* _What is required_
Find the string "fill" in the data, and copy out each line that has it.
:::
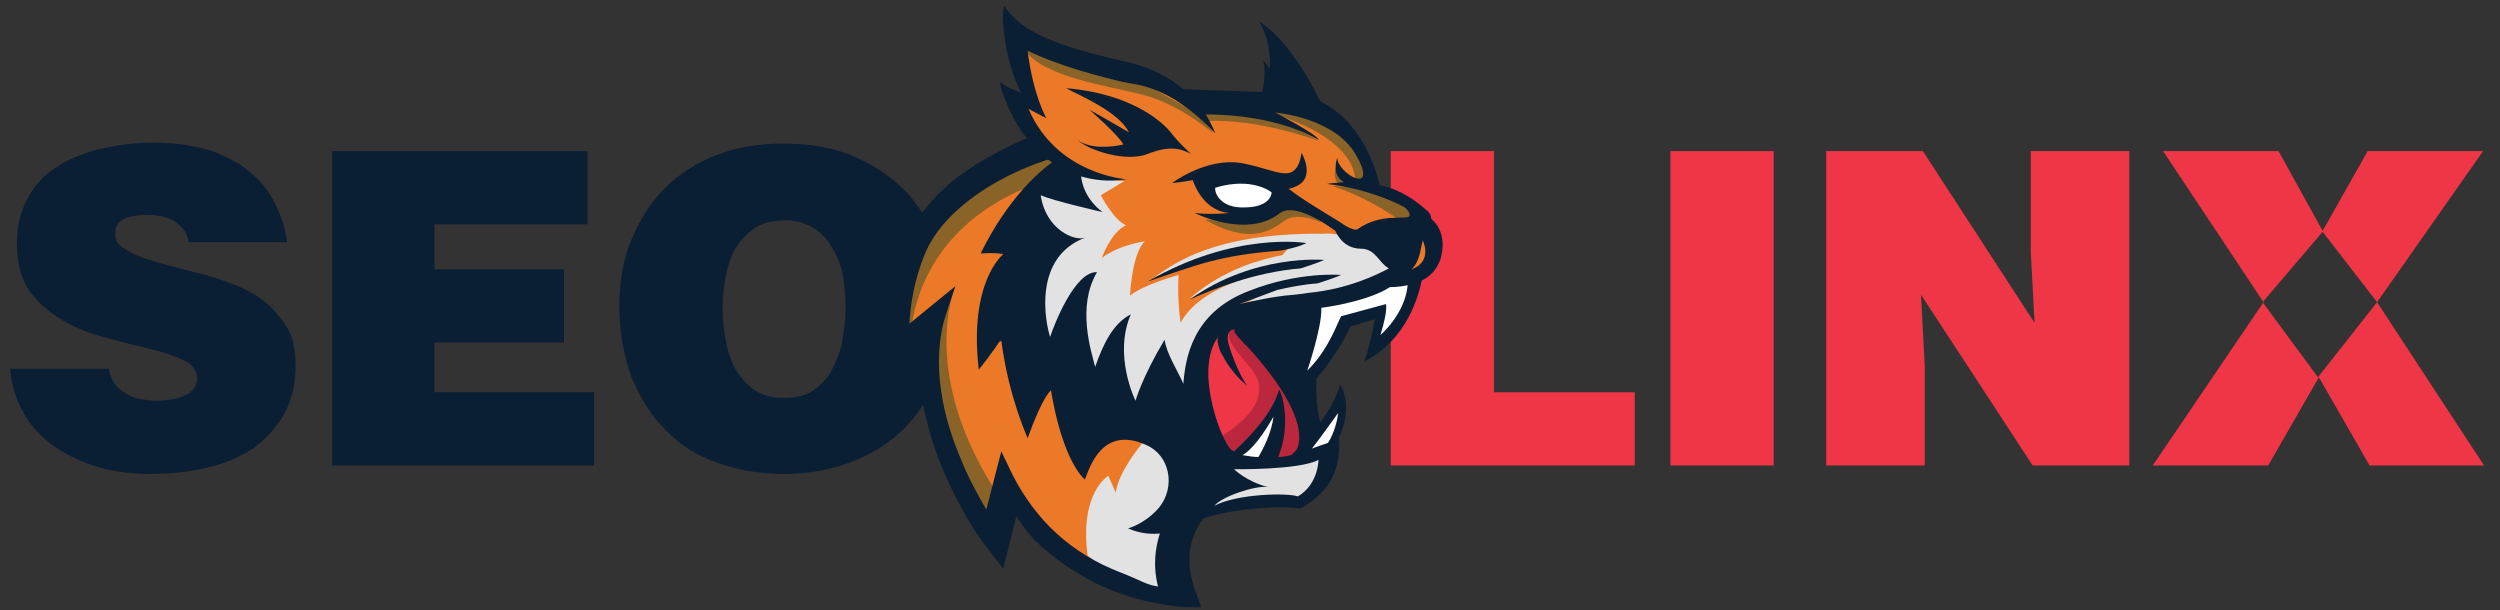 <svg xml:space="preserve" style="enable-background:new 0 0 266.4 65;" viewBox="0 0 266.4 65" y="0px" x="0px" xmlns:xlink="http://www.w3.org/1999/xlink" xmlns="http://www.w3.org/2000/svg" id="Layer_1" version="1.1">
<rect x="0" y="0" width="266.4" height="65" fill="#333333" stroke="none"/>
<style type="text/css">
	.st0{fill:#0A1E34;}
	.st1{fill:#EF3646;}
	.st2{fill-rule:evenodd;clip-rule:evenodd;fill:#EF3646;}
	.st3{fill:#EB7927;}
	.st4{fill:#896327;}
	.st5{fill:#E2E2E2;}
	.st6{fill:#BB283E;}
	.st7{fill:#FFFFFF;}
</style>
<path d="M13.1,26.4c0.6,0.4,1.3,0.8,2.2,1.1c0.9,0.3,1.9,0.6,3.1,0.9c1.1,0.3,2.3,0.6,3.5,0.9
	c1.2,0.3,2.4,0.8,3.5,1.2c1.1,0.5,2.2,1.1,3.1,1.9c0.9,0.8,1.6,1.7,2.2,2.7c0.6,1.1,0.8,2.4,0.8,3.9c0,1.9-0.4,3.6-1.2,5.1
	c-0.8,1.4-1.9,2.6-3.2,3.6c-1.4,0.9-3,1.7-4.9,2.1c-1.9,0.5-4,0.7-6.3,0.7c-2.2,0-4.2-0.3-6-0.9c-1.8-0.6-3.3-1.4-4.6-2.4
	c-1.3-1-2.3-2.2-3-3.6c-0.7-1.3-1.1-2.8-1.2-4.3h10.5c0.2,1.2,0.8,2.1,1.8,2.6c0.4,0.3,0.9,0.5,1.5,0.6c0.6,0.1,1.1,0.2,1.6,0.2
	c1.4,0,2.5-0.2,3.3-0.6c0.8-0.4,1.2-1,1.2-1.8c0-0.8-0.5-1.5-1.4-1.9c-0.9-0.4-2.1-0.9-3.6-1.2c-1.4-0.4-3-0.7-4.6-1.2
	c-1.7-0.4-3.2-1-4.6-1.8c-1.4-0.8-2.6-1.8-3.6-3.1c-0.9-1.3-1.4-3-1.4-5.2c0-1.8,0.4-3.3,1.1-4.7c0.7-1.3,1.7-2.5,3-3.3
	c1.3-0.9,2.8-1.5,4.6-2c1.8-0.4,3.7-0.7,5.8-0.7c2.3,0,4.3,0.3,6,0.8c1.7,0.6,3.1,1.3,4.3,2.3c1.2,1,2.1,2.1,2.7,3.4
	c0.7,1.3,1.1,2.7,1.3,4.1H20.1c-0.1-0.6-0.3-1.1-0.6-1.4c-0.3-0.4-0.6-0.6-1-0.9c-0.8-0.4-1.7-0.6-2.8-0.6c-1.2,0-2.1,0.2-2.6,0.5
	c-0.6,0.3-0.8,0.8-0.8,1.4C12.2,25.5,12.5,26,13.1,26.4L13.1,26.4z" class="st0" id="XMLID_45_"></path>
<polygon points="63.3,41.8 63.3,49.6 35.4,49.6 35.4,16.1 62.6,16.1 62.6,23.9 46.3,23.9 46.3,28.7 
	60.1,28.7 60.1,36.5 46.3,36.5 46.3,41.8 63.3,41.8" class="st0" id="XMLID_44_"></polygon>
<path d="M99.8,40.3c-0.9,2.2-2.1,4.1-3.7,5.6c-1.6,1.5-3.4,2.6-5.6,3.4c-2.1,0.8-4.4,1.2-6.9,1.2
	c-2.6,0-5-0.4-7.2-1.2c-2.2-0.8-4-1.9-5.5-3.5c-1.5-1.5-2.7-3.4-3.6-5.6c-0.8-2.2-1.3-4.7-1.3-7.6c0-2.6,0.4-5,1.3-7.1
	c0.9-2.1,2-3.9,3.6-5.5c1.5-1.5,3.4-2.7,5.5-3.5s4.5-1.2,7.1-1.2c3,0,5.6,0.5,7.8,1.5c2.2,1,4,2.3,5.5,3.9c1.4,1.6,2.5,3.5,3.2,5.6
	c0.7,2.1,1.1,4.2,1.1,6.4C101.1,35.5,100.7,38,99.8,40.3L99.8,40.3z M89.8,29.3c-0.2-1.1-0.6-2.1-1.2-3c-0.5-0.9-1.2-1.6-2.1-2.1
	c-0.9-0.5-1.9-0.8-3.1-0.7c-1.2,0-2.3,0.3-3.1,0.9c-0.8,0.6-1.5,1.3-2,2.2c-0.5,0.9-0.8,1.9-1,3c-0.2,1.1-0.3,2.2-0.3,3.2
	c0,1.1,0.1,2.2,0.3,3.3c0.2,1.1,0.5,2.2,1,3.1c0.5,0.9,1.2,1.7,2,2.3c0.9,0.6,1.9,0.9,3.2,0.9c1.2,0,2.2-0.2,3-0.7
	c0.8-0.5,1.5-1.2,2-2c0.5-0.9,0.9-1.9,1.2-3c0.2-1.2,0.4-2.4,0.4-3.8C90.1,31.5,90,30.4,89.8,29.3L89.8,29.3z" class="st0" id="XMLID_92_"></path>
<polygon points="148.2,49.6 148.2,16.1 159.2,16.1 159.2,41.8 174.2,41.8 174.2,49.6 148.2,49.6" class="st1" id="XMLID_41_"></polygon>
<polygon points="178,49.6 178,16.1 189,16.1 189,49.6 178,49.6" class="st1" id="XMLID_40_"></polygon>
<polygon points="216.6,49.6 204.7,31.4 205.1,39 205.1,49.6 194.6,49.6 194.6,16.1 204.9,16.1 
	216.8,34.4 216.4,26.8 216.4,16.1 226.9,16.1 226.9,49.6 216.6,49.6" class="st1" id="XMLID_39_"></polygon>
<path d="M247.5,24.7l5.8,7.5l-6.3,8l-5.9-8L247.5,24.7L247.5,24.7z M264.7,49.6l-11.4-17.4l11.3-16.1
	h-12.3l-4.8,8.5l-4.7-8.5h-12.3l10.7,16.1l-11.8,17.4h12.3l5.4-9.4l5.4,9.4H264.7L264.7,49.6z" class="st2" id="XMLID_86_"></path>
<g id="XMLID_47_">
	<path d="M125.6,48.2l5.8,3.2c0,0-8.3,3.4-4.9,12.2c0,0-13.3-0.3-19.5-12.6l-1.5,5.9
		c0,0-9.2-12.7-5.6-23.7l-4,3.9c0,0-1.1-20,17.2-21.1L125.6,48.2z" class="st3" id="XMLID_36_"></path>
	<path d="M101,31.6l0.8-1.1c0,0-4.1,9.4,4.8,22.6c-1.3,3-1.3,3-1.3,3l-3-5L99,37.4L101,31.6z" class="st4" id="XMLID_35_"></path>
	<path d="M111.5,19.3c0,0-12.1,2.8-14.3,15c-0.9,1.9-1.4,1.4-1.4,1.4l1-9c0,0,7.8-7.8,8-7.9
		c0.2-0.1,4.8-2.2,4.8-2.2l1.9-0.1l1.4,1.3L111.5,19.3z" class="st4" id="XMLID_34_"></path>
	<path d="M123.2,45.5c0,0-4,4.2-4.3,7l-0.8-1.8c0,0-3.1,1.8-2.2,8.5c4.4,3.6,5.3,4.1,5.3,4.1l3.9,0.3
		l0.9-10.6l1-5.3L123.2,45.5z" class="st5" id="XMLID_33_"></path>
	<path d="M95.7,27.2c1.2-3.2,3.5-6,5.8-7.9c2.9-2.4,9.7-6,14.1-6.3l1.5-0.7l0.2,0.7c-0.5,1-0.9,2-1.3,3
		c-6.6,0.9-15.2,5.3-17.5,11.2c-1.1,2.7-1.5,5.4-1.6,7.3l4.9-4l-1,3c-1.7,5.3-0.2,11.2,1.5,15.2c0.9,2.3,2,4.2,2.8,5.6l1.6-6.2
		l1.2,2.5c2.5,4.9,6.3,8.4,11.5,10.4c2.3,0.9,2.7,1.3,4,1.5c-1.1-4.2,0.9-7.9,2.4-9.7c0.2-0.3,0.6-0.5,1-0.6
		c0.3,0.1,0.5,0.1,0.8,0.2c1.2,0.2,2.3,0.3,3.5,0.4c-0.7,0.4-1.7,1.1-2.6,2.1c-1.9,2.3-2.3,5.1-1,8.4l0.5,1.4l-1.5,0
		c-0.1,0-3.6-0.1-7.8-1.7c-2.5-1-4.7-2.3-6.7-3.9c-1.8-1.5-2.4-2.1-3.7-4.1l-1.4,5.6l-2.3-3c-0.1-0.1-2.4-3.3-4.3-8
		c-1.1-2.7-1.8-5.4-2.2-7.9c-0.2-1.9-0.4-2.2-0.2-3.9l-3.8,3.9l-0.2-3.8C93.9,37.6,93.6,32.5,95.7,27.2z" class="st0" id="XMLID_32_"></path>
	<path d="M130,11.1l10.7-0.1l3.2,2.8c0,0,1.9,4.3,1.6,4.4c-0.3,0.1,1.2,1.8,1.2,1.8s1.7,1,2,1.2
		c0.3,0.2,2,0.7,1.9,1.1c-0.1,0.4,1.2,0.3,0.6,1.3c-0.6,1,1.2,1.9,1.2,1.9s0.4,2.6,0.2,2.8c-0.2,0.2-1.6,0.6-2.4,1.1
		c-0.8,0.6-3.8,1.4-3.8,1.4l-6.7,0.7c0,0-7.8,1.6-7.9,1.6c-0.1,0-3.6,2.7-3.6,2.7l-1.7,6.9l-9.1-1.7c0,0-6-5.3-6.3-6.3
		c-0.3-1-1.1-10.9-1.1-10.9l2.3-4.8l-0.2-2.3l-4.4-6l1.7,0l-1.3-6.6c0,0,5.2,1.6,5.7,1.9c0.5,0.3,6.9,2,8,2.4
		c1.1,0.4,3.7,2.2,3.7,2.2L130,11.1z" class="st3" id="XMLID_31_"></path>
	<path d="M129.2,35.1c0,0-3.2,10.1-3.2,10.2s3.1,4.7,3,4.9c-0.1,0.2,5.9,0.9,6.3,0.8
		c0.4-0.2,4.8-1.3,4.8-1.5s-1.9-8.3-2.2-8.7c-0.3-0.4-4-5.6-4-5.6l-3.3-0.8L129.2,35.1z" class="st1" id="XMLID_30_"></path>
	<path d="M128.1,47.6c0,0,9.3-4.1,4.9-8.7c-2.3-2.7-2.4-3-1.6-4.6c1.6,0,3.4,1.9,3.4,1.9l2.6,2.5l2.7,6
		c0,0,0.3-0.1-0.3,1.7c-0.6,1.9-1.6,2.8-1.6,2.8l-2.3-0.5C133.6,49.6,130.9,48.8,128.1,47.6z" class="st6" id="XMLID_29_"></path>
	<path d="M130.3,49.1c2.2-1.5,4-3.6,5.7-6.1l0.3,2.4l-1.4,3.3l-0.1,1.5L130.3,49.1z" class="st7" id="XMLID_28_"></path>
	<polygon points="143,42.8 142.9,44.4 141.4,48 139,49.1 139.3,47.6 143,42.5" class="st7" id="XMLID_27_"></polygon>
	<polygon points="151.1,29.3 150.7,32.2 148.4,35.1 146.6,36.9 147.3,33.3 143.5,34.5 140.3,39.5 
		139,40 140,32 148.2,29.7" class="st7" id="XMLID_26_"></polygon>
	<path d="M147.2,26l2.1,3.2c0,0-2.4,1.3-2.7,1.5c-0.3,0.2-4.1,1.5-4.6,1.5c-0.4-0.1-11.7,1.6-11.7,1.6
		s2.2-1.4,3.6-2.1c1.5-0.7,2.1-8.7,10.1-6.4C149.2,26.7,147.2,26,147.2,26z" class="st5" id="XMLID_25_"></path>
	<path d="M140.5,26.8c0,0-7.8-0.2-13.7,5c5.1-2.3,9.8-3.2,9.8-3.2L140.5,26.8z" class="st5" id="XMLID_24_"></path>
	<path d="M138.9,26.5c0,0-10.1-0.1-16.1,3.2c2.5-1.8,6.7-4.8,17.8-4.8C141.8,26.2,138.9,26.5,138.9,26.5
		z" class="st5" id="XMLID_23_"></path>
	<path d="M136.5,28.7c0,0-8.3,1.2-10.7,5.7c-0.4-3-0.2-5.1-0.2-5.1s-3.7,1-5.2,2.2
		c0.2-2.5,0.6-4.8,1.6-5.8c-3.3,0.6-4.6,1.8-4.6,1.8s1-2.8,2.6-3.5c-1.3-0.5-2.7-3.2-2.7-3.2l2.5-1.5c-1.7-0.1-3.5-0.5-5.3-1.2
		l-2.4,1.4l-4.7,3.9l3.6,16.7l14,5.7c0,0,2.3-9.2,2.4-9.4c0.1-0.2,4.8-4,4.8-4l3.6-1.5L136.5,28.7z" class="st5" id="XMLID_22_"></path>
	<path d="M140.9,23.8c0-0.1-2.6-1.3-4-0.3c-1.4,1-3.6,2.7-8.5-0.1c5.2,0.1,8.2-1.1,8.2-1.1
		s0.6-0.2,0.7-0.2c0.2,0,1.3-0.1,1.7,0.1C139.4,22.4,140.9,23.8,140.9,23.8z" class="st4" id="XMLID_21_"></path>
	<path d="M142.7,19.7c0,0-0.8-0.6-0.3-2c0.3,1,0.4,0.9,0.5,1c0,0.1,0.8,0.7,0.8,0.7l0,0.2L142.7,19.7z" class="st4" id="XMLID_20_"></path>
	<path d="M138.7,16.9c0,0-0.5,2-2.7,1.7c0.3,0.8,2.2,0.8,2.2,0.8L138.7,16.9z" class="st4" id="XMLID_19_"></path>
	<path d="M135.4,12.4l4.3,2.1l0.8,0.5c0,0-6.5-2.4-11.9-2.1c-1.1-1.1-1.1-1.1-1.1-1.1L135.4,12.4z" class="st4" id="XMLID_18_"></path>
	<path d="M127.9,12.3l1.4,1.9c0,0-3.6-3.1-7.5-4.1c-3.9-1-10.7-1.9-12.6-4.8c10.1,2.9,11.5,2.9,11.8,3
		C121.4,8.6,127.9,12.3,127.9,12.3z" class="st4" id="XMLID_17_"></path>
	<path d="M149.6,23.8c0,0-3.5-2.7-7.7-4c4.3,0.4,5.2-0.2,5.7,0.3c0.5,0.6,3.6,2.7,3.6,2.7L149.6,23.8z" class="st4" id="XMLID_16_"></path>
	<path d="M144.4,19.4c0,0,0.7-4.3-8.5-7.2c0.3-1,1.3-0.7,2.1-0.6c0.8,0.1,5.7,2.7,5.7,2.7l2.3,4.7
		L144.4,19.4z" class="st4" id="XMLID_15_"></path>
	<g id="XMLID_60_">
		<path d="M139.2,25.9c0,0-0.6,0.4-2.7,0.8c-6.7,0.5-9.1,1.6-14.2,3.3C131.6,24.6,139.2,25.9,139.2,25.9
			z" class="st0" id="XMLID_14_"></path>
		<path d="M141.1,27.7c0,0-0.6,0.3-2.5,0.9c-5,0.4-9.5,2.3-11.8,3.3C133.7,27,141.1,27.7,141.1,27.7z" class="st0" id="XMLID_13_"></path>
		<path d="M114.8,14.9c1.3,1,3.6,0.8,4.9,0.5c-0.4-0.9-3.6-3.7-3.6-3.7s3.2,1.8,4.2,2.4
			c-1.1-2.2-5.2-3.9-6.7-4.7c7.3,0.6,10.6,3.9,11.3,4.9c0.8,1,2,2.1,2,2.1c-1.1-0.6-2.3-0.9-4.6,0C120.1,17.3,116.1,16.1,114.8,14.9
			z" class="st0" id="XMLID_12_"></path>
	</g>
	<path d="M135.4,20.4c0,0-1.7-1.8-5.8-1.1c-0.1,0.5,0.4,2.2,2.8,2.4C134.9,21.9,135.4,20.8,135.4,20.4z" class="st7" id="XMLID_11_"></path>
	<path d="M140.7,49.1c0,0,0,2.6-2.2,3.8c-1-0.4-6.4-0.3-8.8,0.9c0.8-1,4.3-2.1,5.6-2
		c-2.3-0.6-3.5-1.9-3.5-1.9S138.7,50.3,140.7,49.1z" class="st5" id="XMLID_10_"></path>
	<path d="M104.3,39.4c1.5-1.9,2.2-3,2.2-3s0.1,0,0.2-0.1c0.3,2.2,0.9,5.8,2.8,10.4
		c1.7-4.7,2.5-5.1,2.5-5.1s1,7,3.6,9.5c0.5-1.2,1.8-5.8,6.5-3.7c2.6,1.1,3.2,4.5,1.4,6.7c-1,1.2-2.5,2-3.3,2.2c2,0.9,4.4,0.8,7-0.6
		c2.6-1.4,8.8-1.9,11.4-1.5c2.4-1.5,4.3-3.2,4.1-7.6c1.2-2.6,0.7-4.8,0.1-5.6c-0.4,1.4-1.2,2.8-2.1,4c-0.4-1.2-0.5-3.5-0.4-4.7
		c2.3-2.6,3.6-5.5,3.6-5.5l2.6-0.8c0,0-0.3,2-1.1,4.5c4.6-2.3,5.8-7.2,6.1-8.6c0.8-0.4,1.6-1.1,2-2.3c0.7-2.5-0.4-3.8-1-4.3
		c0-0.4-0.2-0.7-0.6-1l0,0c-1.7-1.5-3.4-2.3-5-2.6c0,0,0.1,0,0.1,0c0,0-1.2-6.4-6.3-8.9c-3.4-6.9-6.5-8.5-6.5-8.5
		c1.4,2.5,1.1,5,1.1,5l-0.7-0.9c0.3,1.1,0.1,2.6-0.1,3.4c-2.3-0.1-6.6-0.2-8.4-0.3c-1.4-1.2-3.4-2.3-6-2.9c-7.6-1.7-11.3-3.2-13.1-6
		c-0.3,1-0.1,5.4,1.8,9.3c-2-0.8-2.3-1.2-2.3-1.2s1.2,5.6,5.6,8.6c-1.1,0.8-4.6,3.6-7.6,9.7c2.1-0.1,2.4,0.1,2.4,0.1
		S103.2,30,104.3,39.4z M150.4,28.7c0.9-0.8,1-2.3,1.2-3.1C151.9,26.2,152.4,28,150.4,28.7z M139.8,47.8c0.4-0.5,1.3-1.7,2.8-3.8
		c-0.2,1.5-0.7,2.6-1.1,3.2C140.9,47.4,140.3,47.6,139.8,47.8z M139.3,39.5c0,0,1.6-4.7,1.5-6.7c1.6-0.2,5.3-0.9,7.3-2.2l0,0
		c0,0,0.9,0,1.9-0.2c-0.3,3.1-2.9,5.3-2.9,5.3c0.4-1.3,0.7-2.6,0.6-3.3l-4.8,1.3C142,35.7,141.2,37.6,139.3,39.5z M132.4,48.5
		c0.4-0.2,1.6-1.1,3.3-4.1c-0.2,1.8-1.2,3.6-1.6,4.3C133.6,48.7,133,48.6,132.4,48.5z M129.8,35.9c-0.2,0.5,0.2,1.6,0.5,2
		c0.6,1.2,1.6,2.4,2.6,3.2c-1.1-1.5-2-4.4-2-4.5c-0.2-0.9,0-1.5,0.7-1.5c0,0-0.4,0.1,0.7,1.2c0.2,0.2,0.4,0.5,0.5,0.5
		c7.7,8.4,5.3,11.2,5.3,11.2l0,0c-0.2,0.2-0.4,0.4-0.5,0.5c-0.5,0.1-0.9,0.2-1.4,0.2c1.3-3.1,0.6-6.4,0.1-7.2
		c-0.7,2.6-3.2,5.1-4.8,6.6c-0.1,0-0.1-0.1-0.2-0.1C130.4,47.6,127.1,39.6,129.8,35.9z M126.1,40.9c-0.6-1.4-1.8-3.2-2-4.7
		c-2.4,4-3.1,6.5-3.1,6.5s-2.4-4.8-0.5-9.2c-1.8,0.9-2.9,3-3.8,5.6c-0.4-1.6-2-6.4,0.2-10.1c-2.4-0.1-4.6,5.7-5,6.9
		c-0.5-1.5-1.9-8.5,3.8-10.6c-1.2,0.5-4.3-0.9-4.8-4.5c1.3,0.6,6.6,1.8,6.6,1.8s-2-1.3-2.3-3.8c1.4,0.4,3,0.6,4.8,0.3
		c0,0-7.4-0.5-10.4-7.5c1.9,1,1.9,1,1.9,1s-1.4-2.4-2-7.2c3.7,1.8,8.4,2.9,10,3.3c1.6,0.4,4.9,0.2,10,5.5c0,0-0.3-0.8-1-2l0,0
		c0,0,7-0.2,12,2.7c0-0.5-4.6-2.9-4.6-2.9s6.5,0.5,8.7,4.7c2.3,4.2-2.1,1.8-2.1,0.1c-0.1,0.3-0.6,1.9,0.7,2.6
		c-0.7,0.1-1.3,0.1-1.8,0.2c4.1,0.5,7,1.8,8.3,2.5c0,0,0.8,0.7,0.4,1c-0.4,0.3-3-0.4-5.4,1.3c-0.3,0.3-1.5-0.4-1.7-0.6
		c-1.6-1-4.2-2.5-5.7-3.7c0.2,0,0.5-0.1,0.7-0.2c2.3-0.9,0.7-3.6,0.7-3.6c-0.6,3.6-2.5,1.8-6.3,1.1s-7.5,2.1-7.5,2.1s0.4,0,2.2-0.3
		c0.3,0.9,1.4,3.3,3.9,3.5c-2.1,0.2-3.7,0-3.7,0s5.6,2.8,9.1,0c0.4-0.3,1.9-1,5.9,1.9c0,0,0.7,1.9,2.7,1.9c1.6,0,1.9,1.5,3,2.1
		c-1.3,0.7-4.4,2.2-8.5,2.6c0,0-1.2,0.2-2.6,0.3c-2.4,0.3-4.8,0.9-4.8,0.9l4-1.5c1.3-0.3,2.8-0.6,4.3-0.7c1.9-0.6,2.5-0.9,2.5-0.9
		s-4.5-0.4-9.8,1.7C127,33.3,126.3,38.3,126.1,40.9z" class="st0" id="XMLID_50_"></path>
	<path d="M135.5,20.5c0,0-2-1.7-6-0.5c-0.1,0.6,0.6,2.2,3.1,2.1C135.1,22.1,135.5,20.9,135.5,20.5z" class="st7" id="XMLID_2_"></path>
	<path d="M140.5,49c0,0,0,2.6-2.2,3.9c-1-0.4-6.5-0.3-8.9,1c0.8-1,4.4-2.2,5.7-2
		c-2.3-0.6-3.6-1.9-3.6-1.9S138.5,50.1,140.5,49z" class="st5" id="XMLID_1_"></path>
</g>
</svg>
:::
* _Result of the exercise_
<rect x="0" y="0" width="266.4" height="65" fill="#333333" stroke="none"/>
	.st0{fill:#0A1E34;}
	.st1{fill:#EF3646;}
	.st2{fill-rule:evenodd;clip-rule:evenodd;fill:#EF3646;}
	.st3{fill:#EB7927;}
	.st4{fill:#896327;}
	.st5{fill:#E2E2E2;}
	.st6{fill:#BB283E;}
	.st7{fill:#FFFFFF;}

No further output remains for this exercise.